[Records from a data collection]
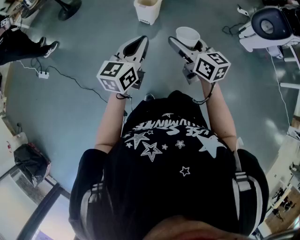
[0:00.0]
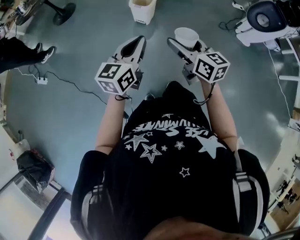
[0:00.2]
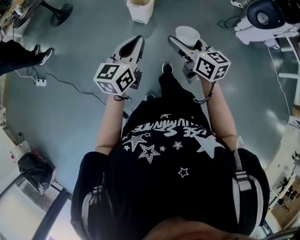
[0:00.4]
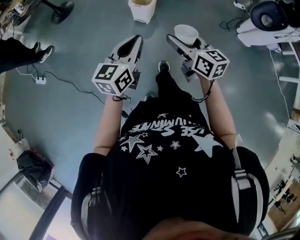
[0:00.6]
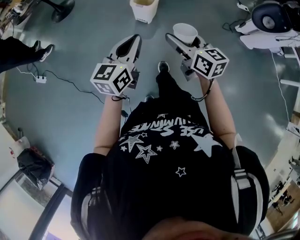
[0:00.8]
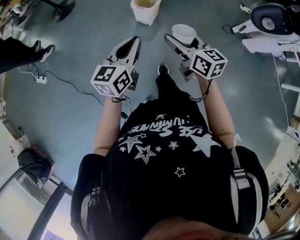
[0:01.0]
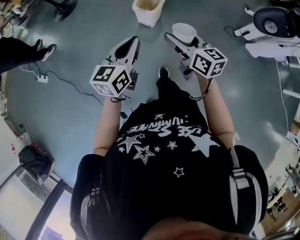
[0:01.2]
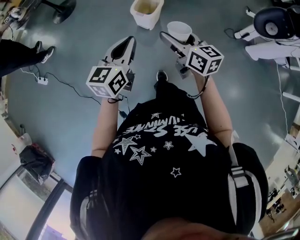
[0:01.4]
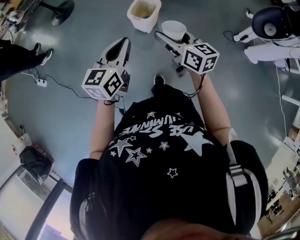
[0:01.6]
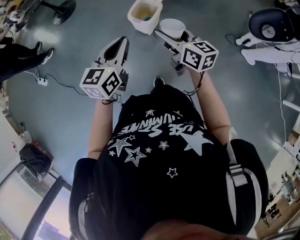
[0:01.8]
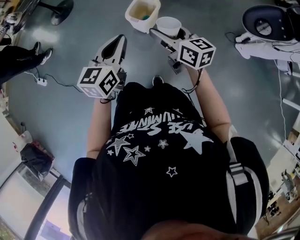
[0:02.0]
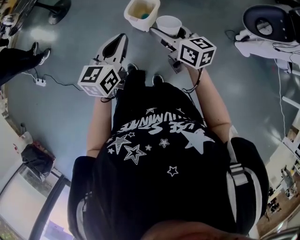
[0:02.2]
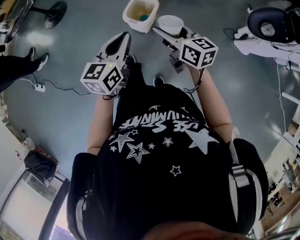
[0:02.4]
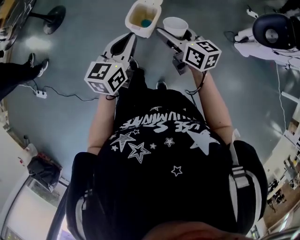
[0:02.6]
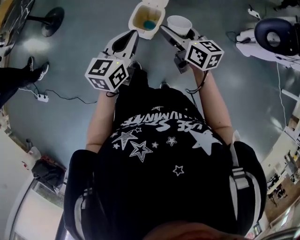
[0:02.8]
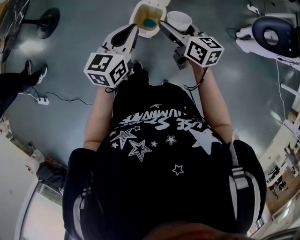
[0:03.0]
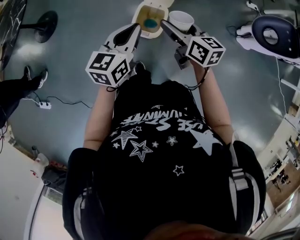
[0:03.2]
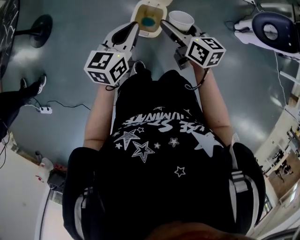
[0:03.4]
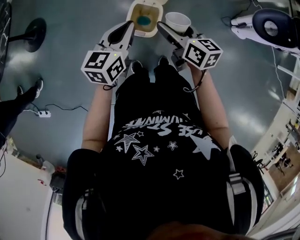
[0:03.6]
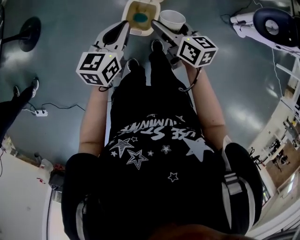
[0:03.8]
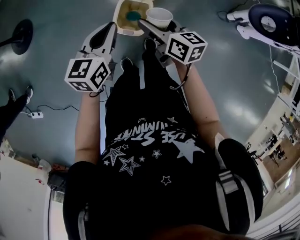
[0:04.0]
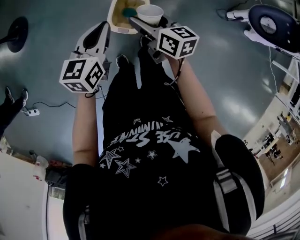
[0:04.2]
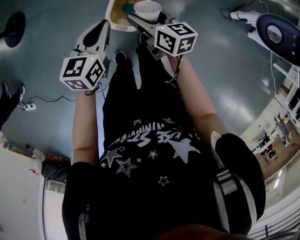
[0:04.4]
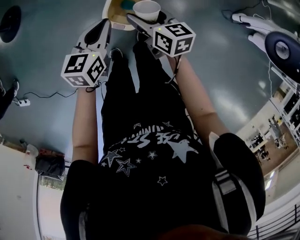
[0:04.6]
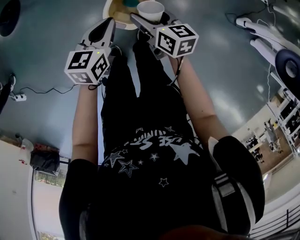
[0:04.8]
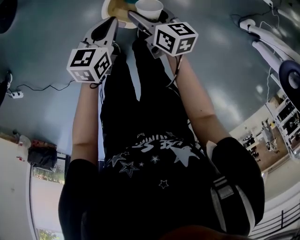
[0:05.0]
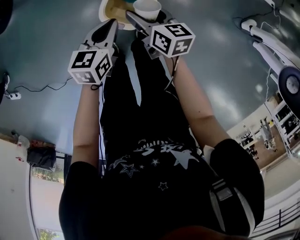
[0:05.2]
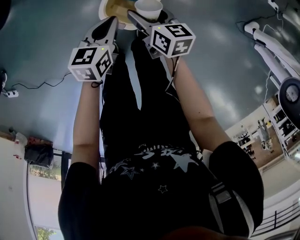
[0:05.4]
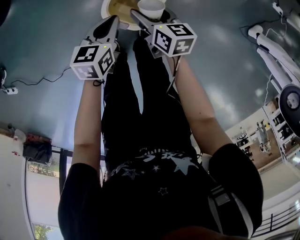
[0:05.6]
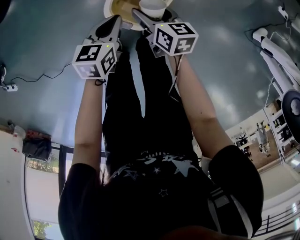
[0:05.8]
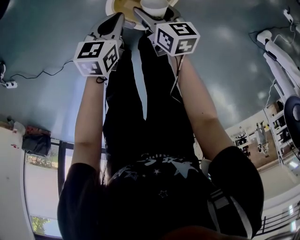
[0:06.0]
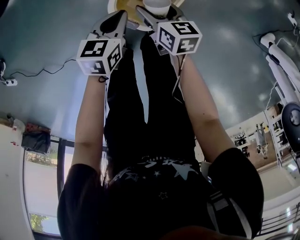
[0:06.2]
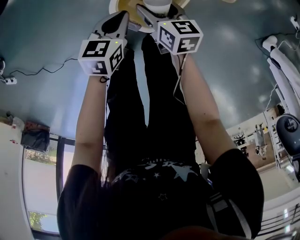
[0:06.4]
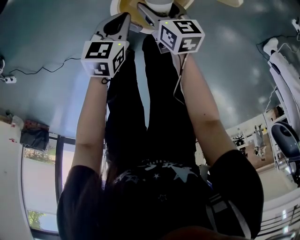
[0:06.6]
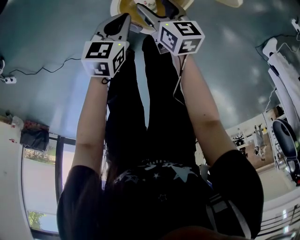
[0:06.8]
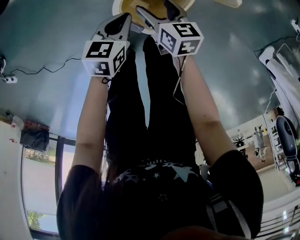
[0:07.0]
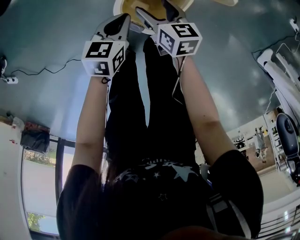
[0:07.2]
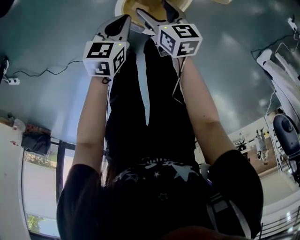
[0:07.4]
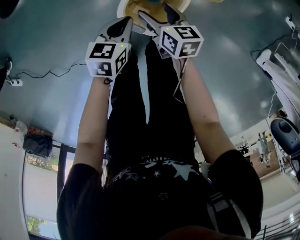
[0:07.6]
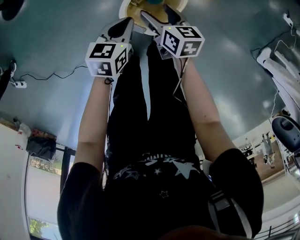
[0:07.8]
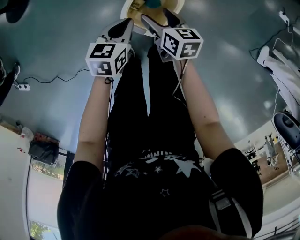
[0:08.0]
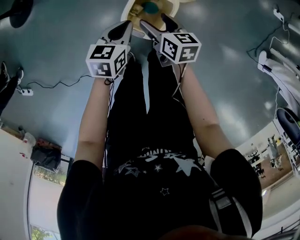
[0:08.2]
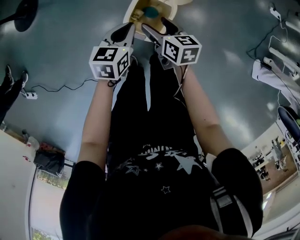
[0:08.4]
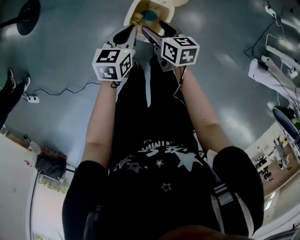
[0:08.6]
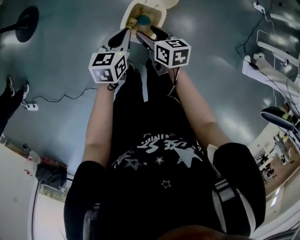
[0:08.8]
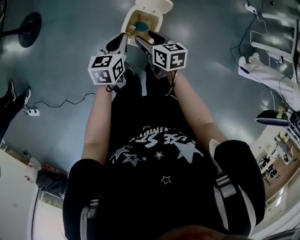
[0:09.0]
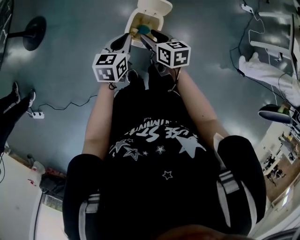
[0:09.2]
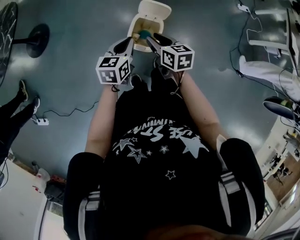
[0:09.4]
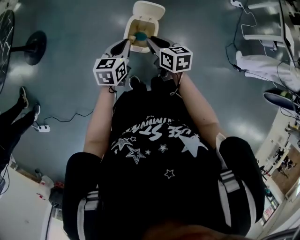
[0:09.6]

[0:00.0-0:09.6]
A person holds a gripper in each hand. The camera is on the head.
0:00.0 to 0:01.6: The two grippers go about 25 cm forward.
0:01.6 to 0:03.2: Both grippers travel together forward, roughly 30 cm.
0:03.2 to 0:04.8: Both grippers travel together downward and forward, about 25 cm. The left gripper swivels about 20 degrees.
0:04.8 to 0:06.4: Both grippers move downward, approximately 25 cm.
0:06.4 to 0:08.0: The two grippers go about 10 cm upward.
0:08.0 to 0:09.6: The left gripper goes approximately 20 cm upward. The right gripper moves upward and backward, some 25 cm, and closes up.

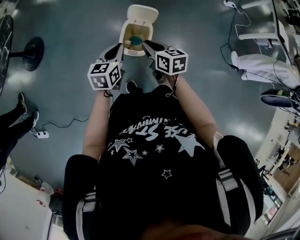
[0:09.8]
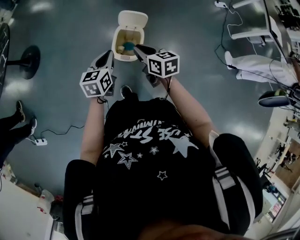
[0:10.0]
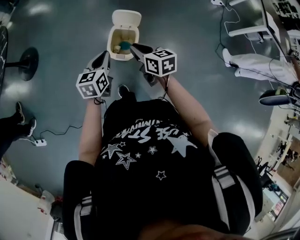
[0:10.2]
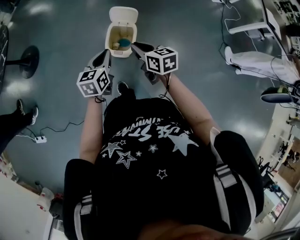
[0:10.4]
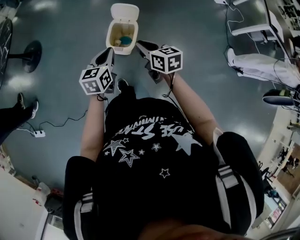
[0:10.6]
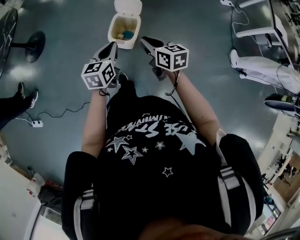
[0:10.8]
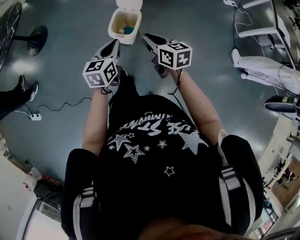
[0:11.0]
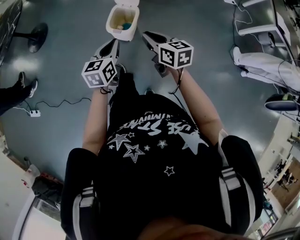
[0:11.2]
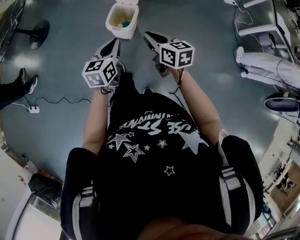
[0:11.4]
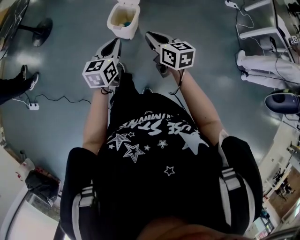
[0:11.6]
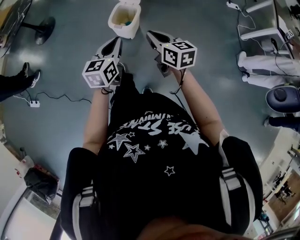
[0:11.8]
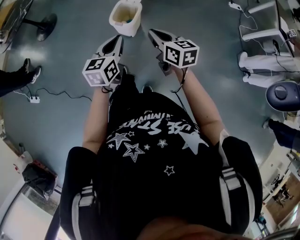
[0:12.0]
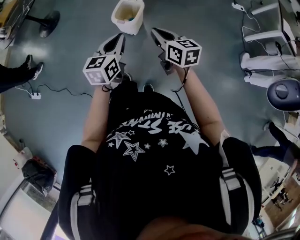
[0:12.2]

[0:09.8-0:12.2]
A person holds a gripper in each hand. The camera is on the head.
0:09.8 to 0:11.0: Both grippers move backward and to the right, about 20 cm.
0:11.0 to 0:12.2: The right gripper shifts some 15 cm backward and to the right, while the left gripper shifts approximately 15 cm backward.

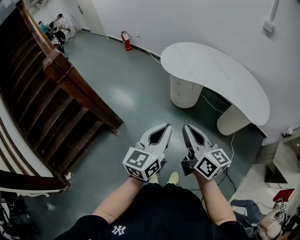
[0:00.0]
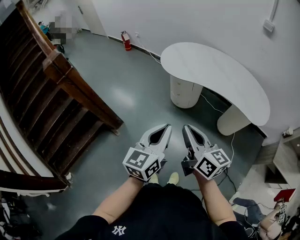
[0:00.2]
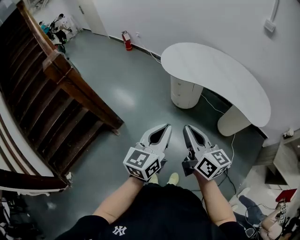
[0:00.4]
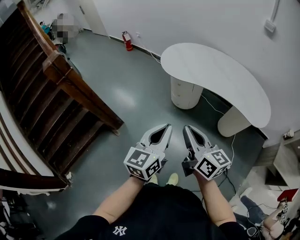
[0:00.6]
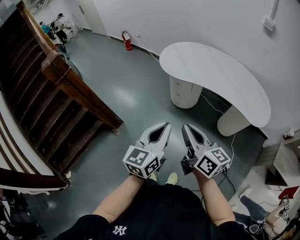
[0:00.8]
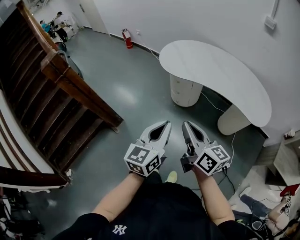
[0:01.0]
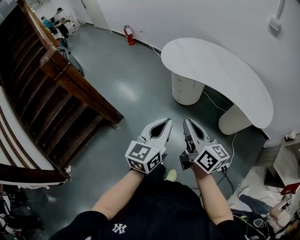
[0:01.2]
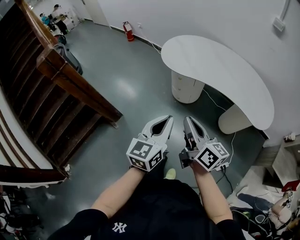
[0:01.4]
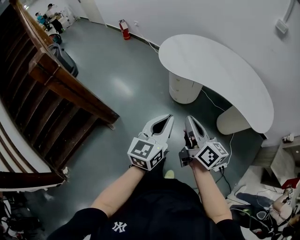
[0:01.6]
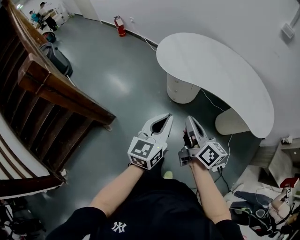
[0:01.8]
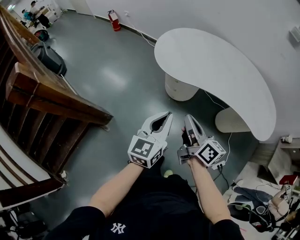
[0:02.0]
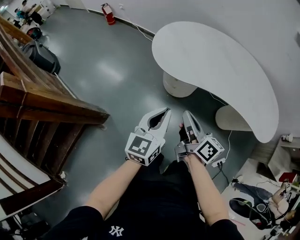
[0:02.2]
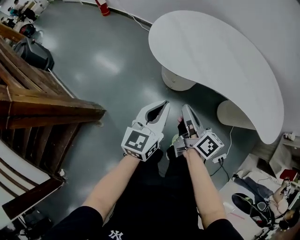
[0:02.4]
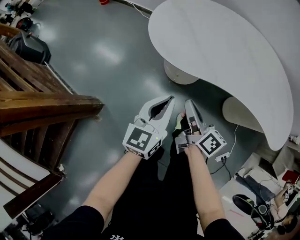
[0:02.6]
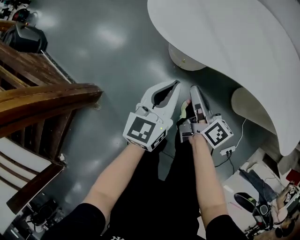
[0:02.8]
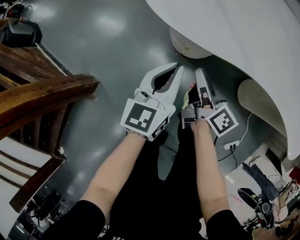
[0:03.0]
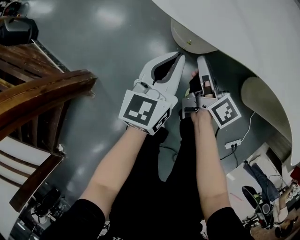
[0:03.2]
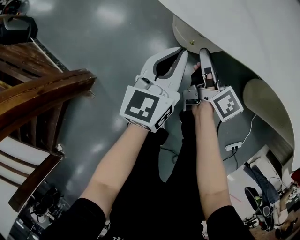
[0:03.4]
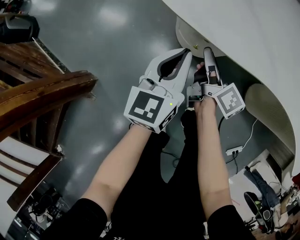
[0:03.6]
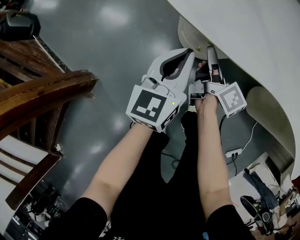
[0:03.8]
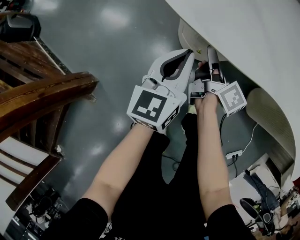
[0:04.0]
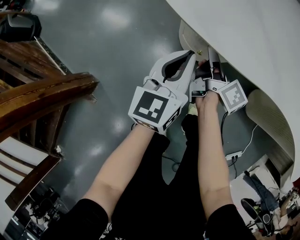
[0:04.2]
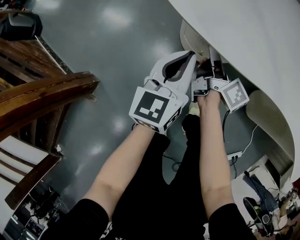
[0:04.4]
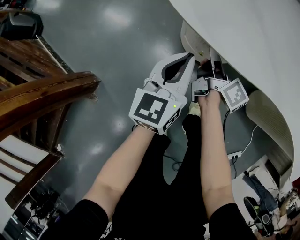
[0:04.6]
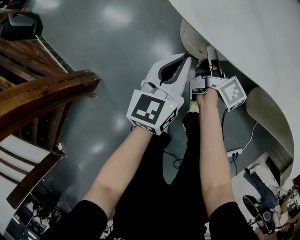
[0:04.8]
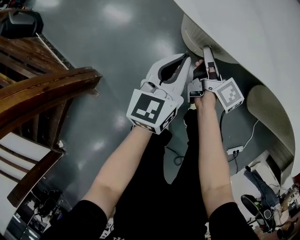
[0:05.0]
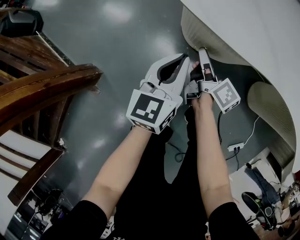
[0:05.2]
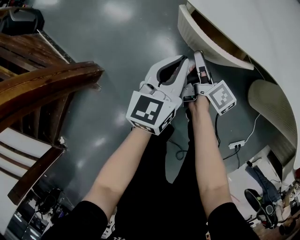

→ TASK ITEM
All of the entries must be reproduced exactly, with no pictures kept.

→ ANSWER TO THE EXERCISE
[0:00.0]
[0:00.2]
[0:00.4]
[0:00.6]
[0:00.8]
[0:01.0]
[0:01.2]
[0:01.4]
[0:01.6]
[0:01.8]
[0:02.0]
[0:02.2]
[0:02.4]
[0:02.6]
[0:02.8]
[0:03.0]
[0:03.2]
[0:03.4]
[0:03.6]
[0:03.8]
[0:04.0]
[0:04.2]
[0:04.4]
[0:04.6]
[0:04.8]
[0:05.0]
[0:05.2]
[0:05.4]
[0:05.6]
[0:05.8]
[0:06.0]
[0:06.2]
[0:06.4]
[0:06.6]
[0:06.8]
[0:07.0]
[0:07.2]
[0:07.4]
[0:07.6]
[0:07.8]
[0:08.0]
[0:08.2]
[0:08.4]
[0:08.6]
[0:08.8]
[0:09.0]
[0:09.2]
[0:09.4]
[0:09.6]

[0:00.0-0:09.6]
A person holds a gripper in each hand. The camera is on the head.
0:00.0 to 0:01.6: The two grippers go about 25 cm forward.
0:01.6 to 0:03.2: Both grippers travel together forward, roughly 30 cm.
0:03.2 to 0:04.8: Both grippers travel together downward and forward, about 25 cm. The left gripper swivels about 20 degrees.
0:04.8 to 0:06.4: Both grippers move downward, approximately 25 cm.
0:06.4 to 0:08.0: The two grippers go about 10 cm upward.
0:08.0 to 0:09.6: The left gripper goes approximately 20 cm upward. The right gripper moves upward and backward, some 25 cm, and closes up.

[0:09.8]
[0:10.0]
[0:10.2]
[0:10.4]
[0:10.6]
[0:10.8]
[0:11.0]
[0:11.2]
[0:11.4]
[0:11.6]
[0:11.8]
[0:12.0]
[0:12.2]

[0:09.8-0:12.2]
A person holds a gripper in each hand. The camera is on the head.
0:09.8 to 0:11.0: Both grippers move backward and to the right, about 20 cm.
0:11.0 to 0:12.2: The right gripper shifts some 15 cm backward and to the right, while the left gripper shifts approximately 15 cm backward.

[0:00.0]
[0:00.2]
[0:00.4]
[0:00.6]
[0:00.8]
[0:01.0]
[0:01.2]
[0:01.4]
[0:01.6]
[0:01.8]
[0:02.0]
[0:02.2]
[0:02.4]
[0:02.6]
[0:02.8]
[0:03.0]
[0:03.2]
[0:03.4]
[0:03.6]
[0:03.8]
[0:04.0]
[0:04.2]
[0:04.4]
[0:04.6]
[0:04.8]
[0:05.0]
[0:05.2]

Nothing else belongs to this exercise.